Passamos pelas ruínas de uma escola e logo chegamos à cidadezinha de uma rua só, casas pobrinhas e ruas de terra.

A moça volta para casa porque morreu sua avó querida, dona Carmelita, aos 94 anos. Vestida de branco ela jaz na cama, na casa acanhada cheia de gente para o velório. Toda a cidade comparece ao enterro da anciã, saudada pelo filho como a matriarca de uma família espalhada pelo mundo.

Só a dra Domingas (Sonia Braga) sobe numa cadeira, não para louvar mas para insultar a morta. Depois ficamos sabendo que ela é um doce de pessoa, menos quando bebe. Pediu desculpas publicamente.

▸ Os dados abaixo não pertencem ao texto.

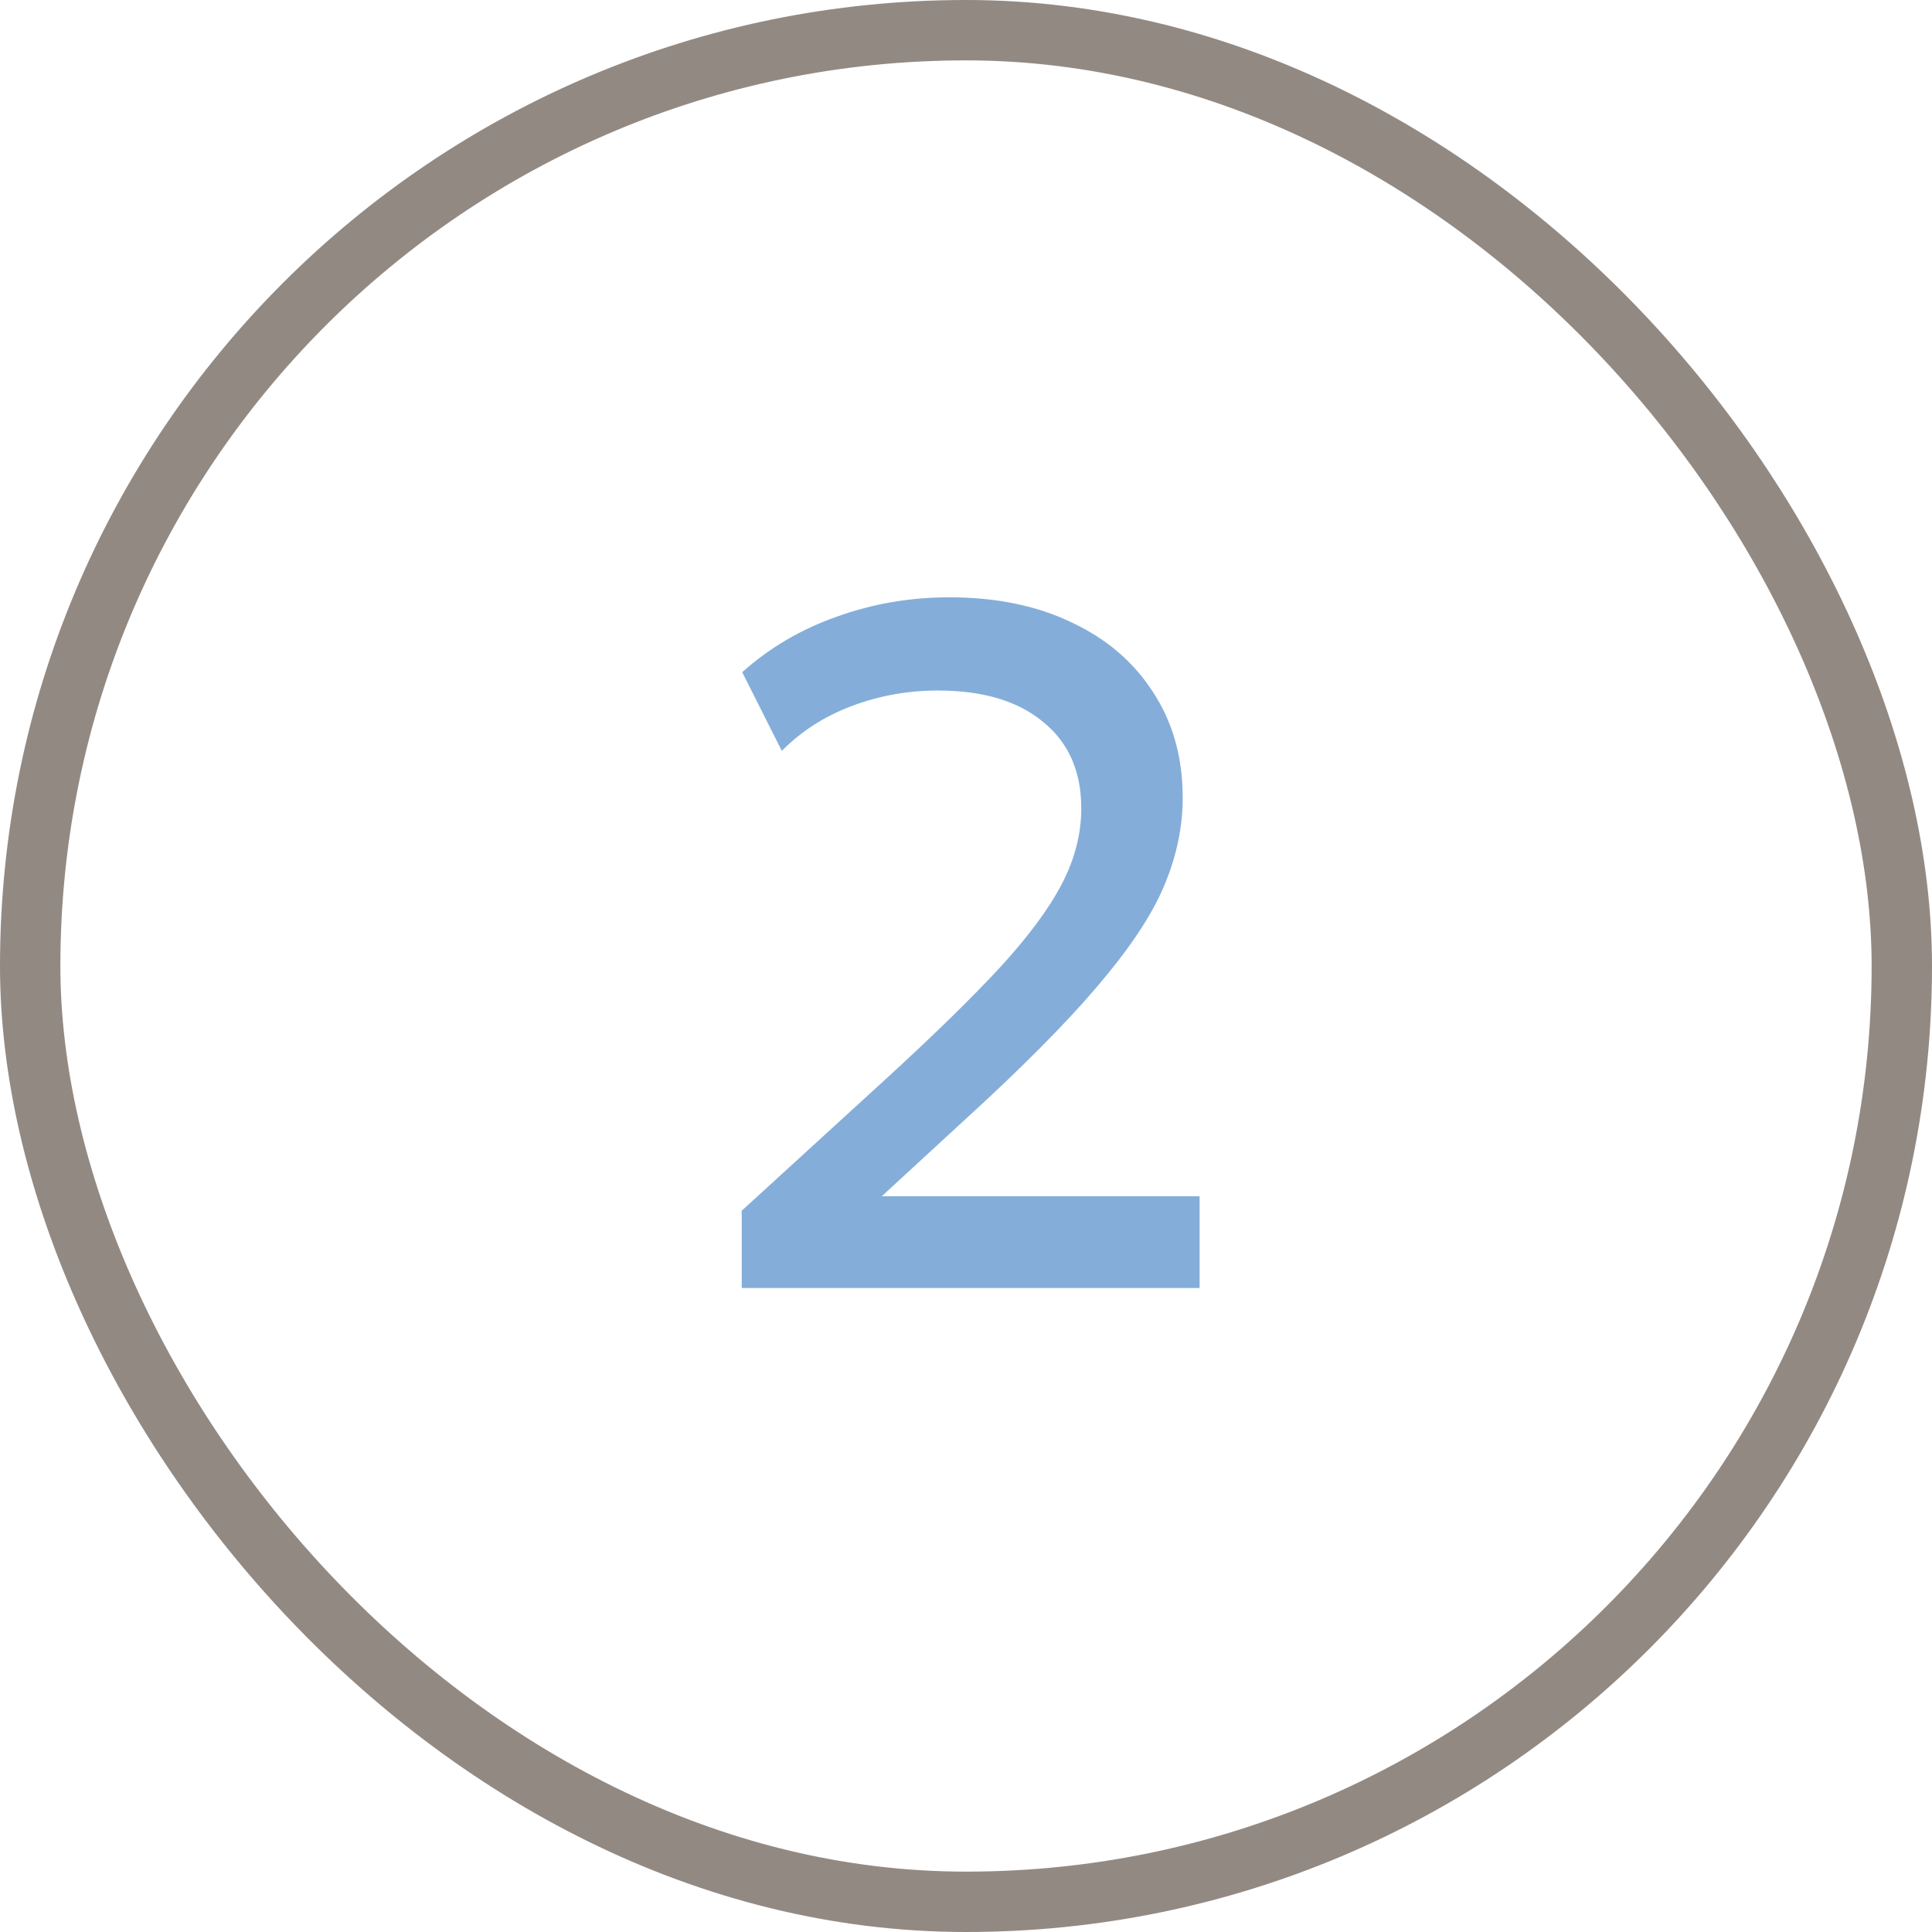 <svg width="48" height="48" viewBox="0 0 48 48" fill="none" xmlns="http://www.w3.org/2000/svg">
<rect x="0.75" y="0.75" width="46.5" height="46.5" rx="23.25" stroke="#938983" stroke-width="1.5"/>
<path d="M18.428 32V30.08L22.064 26.756C23.216 25.7 24.144 24.792 24.848 24.032C25.552 23.264 26.064 22.572 26.384 21.956C26.704 21.34 26.864 20.716 26.864 20.084C26.864 19.164 26.548 18.448 25.916 17.936C25.292 17.416 24.42 17.156 23.3 17.156C22.556 17.156 21.844 17.284 21.164 17.54C20.484 17.796 19.904 18.168 19.424 18.656L18.44 16.7C19.12 16.092 19.904 15.632 20.792 15.32C21.68 15 22.612 14.84 23.588 14.84C24.748 14.84 25.76 15.048 26.624 15.464C27.496 15.872 28.172 16.452 28.652 17.204C29.14 17.948 29.384 18.82 29.384 19.82C29.384 20.516 29.244 21.212 28.964 21.908C28.692 22.596 28.2 23.372 27.488 24.236C26.784 25.1 25.784 26.136 24.488 27.344L21.908 29.72H29.804V32H18.428Z" fill="#84AED9"/>
</svg>

O cortejo, com direito a carro de som, leva dona Carmelita e, estranhamente, por duas vezes sai água cristalina de dentro do caixão. Mas lenços brancos acenando marcam a despedida do povo à velha senhora. E a câmera mostra o belo céu vermelho, depois cinza e azul.

Vamos conhecendo os habitantes de Bacurau, gente pobre, sofrida mas que ainda sabe sorrir e cantar.

Outra coisa estranha é o “close”, que acontece algumas vezes, da boca de alguém engolindo uma coisa que parece um comprimido ou pedaço de algo amarelo.

Mas, mais estranho ainda é que parece que Bacurau desapareceu do mapa. Como foi isso?

O filme vai levando o espectador a ver o que sofre o povo nessa cidade. Falta de água, eletricidade, comida, remédios, vacinas. Tudo.

Quando chega o prefeito, em plena campanha para reeleição, todo mundo desaparece e só se ouvem os insultos gritados pelo povo, atrás de suas portas e janelas.

Tudo que o prefeito trouxe, ou quase tudo, tem o prazo de validade vencido e o remédio gratuito de tarja preta é um veneno, avisa a dra Domingas.

Tudo tem limite nessa vida, parece dizer o povo.

E quando a violência gratuita explode através de armas “vintage” e invade a tela, levamos um susto.

“Bacurau” é uma fábula sobre a injustiça, a violência gratuita gerando violência e a loucura de que o ser humano é capaz.

O que mais me arrepiou foi a tela de uma televisão mostrada rapidamente, que anuncia “execuções públicas no Anhangabaú”. Será que vamos retroceder a esse tipo de barbárie de norte a sul?

Temos todos que refletir sobre o que queremos para o nosso Brasil. “Bacurau” ajuda nisso.